一般発表では、FRAMモデルの振る舞いの定量的評価をモデル検査やシミュレーションで行う手法の紹介が2件ありました。「モデルから何を読み取るか」に取り組む2件の発表は、変動と安定の関係といった哲学的な話も含まれ、興味深い発表でした。ニューラルネットワークを用いたAIの安全性をFRAMで分析した発表や、人が自然に行ってしまう行動をFRAMでモデリングした発表では、会場からも多くの質問があり、関心の高さが感じられました。月面着陸機の振る舞いをFRAMで分析した発表では、リアリティのあるモデルが示され、FRAMの実践的な使い方として大変参考になりました。

 

 ホルナゲル先生と実行委員

11/28、29は会場をNTTデータ研修センターに移し、共催者講演2件、招待講演4件と「信頼できるAIシステムのために今取り組むべき課題と持続可能な社会への展望」をテーマとしたパネルディスカッション、また、「STAMPワークショップ」としてSTAMPの活用事例や研究発表12件が行われました。

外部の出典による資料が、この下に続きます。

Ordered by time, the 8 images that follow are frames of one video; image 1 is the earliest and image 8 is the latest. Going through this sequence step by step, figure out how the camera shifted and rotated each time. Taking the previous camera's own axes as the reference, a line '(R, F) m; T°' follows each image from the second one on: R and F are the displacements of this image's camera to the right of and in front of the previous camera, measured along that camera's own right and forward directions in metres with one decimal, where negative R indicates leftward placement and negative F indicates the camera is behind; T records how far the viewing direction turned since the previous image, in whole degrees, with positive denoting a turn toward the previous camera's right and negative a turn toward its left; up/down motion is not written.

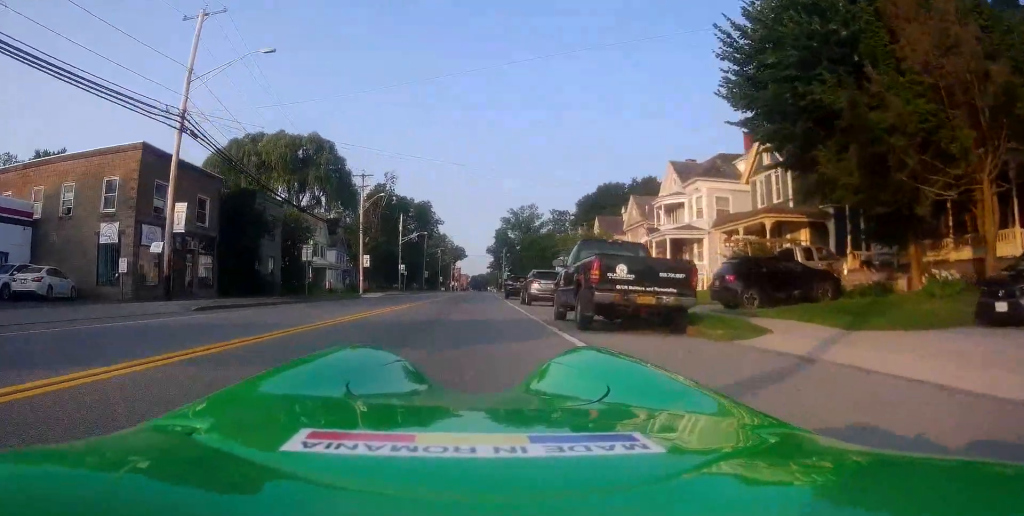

STAMPに関する発表では、自動運転、医療、鉄道、ロボットなどの領域での活用例や、セーフティだけでなくセキュリティにも適用した多様な事例発表がありました。人を含めたシステムを対象とした安全分析の事例が多く、人間の知的行動を人工的に実現する「AI」の安全性を考える上でもSTAMPによる分析は役立つ場面が多いだろう、という印象を持ちました。

共催者講演では、「Society5.0」の実現に向けてシステムズエンジニアリングの活用に取り組んでいるIPAの活動紹介と、システム理論あるいはSTAMPの真髄ともいうべき「創発性」について解説した講演があり、大変参考になりました。

  アイデア(28日交流会)

招待講演では、会津大学の兼本先生より、STAMPによるシステムの安全分析について解説した講演がありました。事例を用いた具体的な説明は、STAMPの初心者にも分かりやすい内容だったと思います。JAXAの石濱さんからは、「自律システムの安全実現に向けて~とっても賢いシステムの安全性」をテーマに、STAMP/STPAと現在のJAXAでの取り組みについて講演がありました。FTA及びFMEAを用いて安全化方針を各システム段階で分析するJAXAにおける従来型の安全設計プロセスとSTAMP/STPAと連携したモデルベースシステムズエンジニアリングについて、具体的な説明がなされました。

大阪大学の原先生からは、機械学習モデルの判断根拠をいかに説明するか、というホットなテーマの講演がありました。機械学習ソフトウェアは、「正しさの基準」となる仕様がないことが従来のソフトウェアと大きく異なり、それが信頼性や安全性の問題に大きくかかわります。それに取り組む講演は多くの聴講者を集め、関心の高さが窺えました。東京電機大学の佐々木先生からは、セキュリティとAIに関する講演がありました。”Attack using AI”、”Attack by AI”、Attack to AI“、”Measure using AI” という4つの観点で問題を整理し、世の中の実例を多く紹介しながらの講演は大変分かりやすく、興味を引くものでした。

最後のパネルディスカッションは、原先生、佐々木先生のほかに、デンソーの中江さん、JR東日本の北村さんがパネリストとして登壇して行われましたが、Slidoを使ってリアルタイムに会場からの質問を受けつけ、パネリストが答える形式で大変盛り上がりました。「AIと安全性」の本質に迫るような鋭い質問や、自動車や鉄道など安全クリティカルシステムの現場の視点に関心を持つ質問が多く出され、パネリストの方がそれに真摯に答えてくださり、フロアの参加者も多くのことを得られたのではないかと思います。

今回は、AI・IoTシステムの安全性という「待ったなし」の課題がテーマであり、プログラムの内容もバラエティに富んでおり、非常に盛り上がったイベントになったと思います。この熱が冷めないように、草の根的な活動が数多く継続していくとよいと感じました。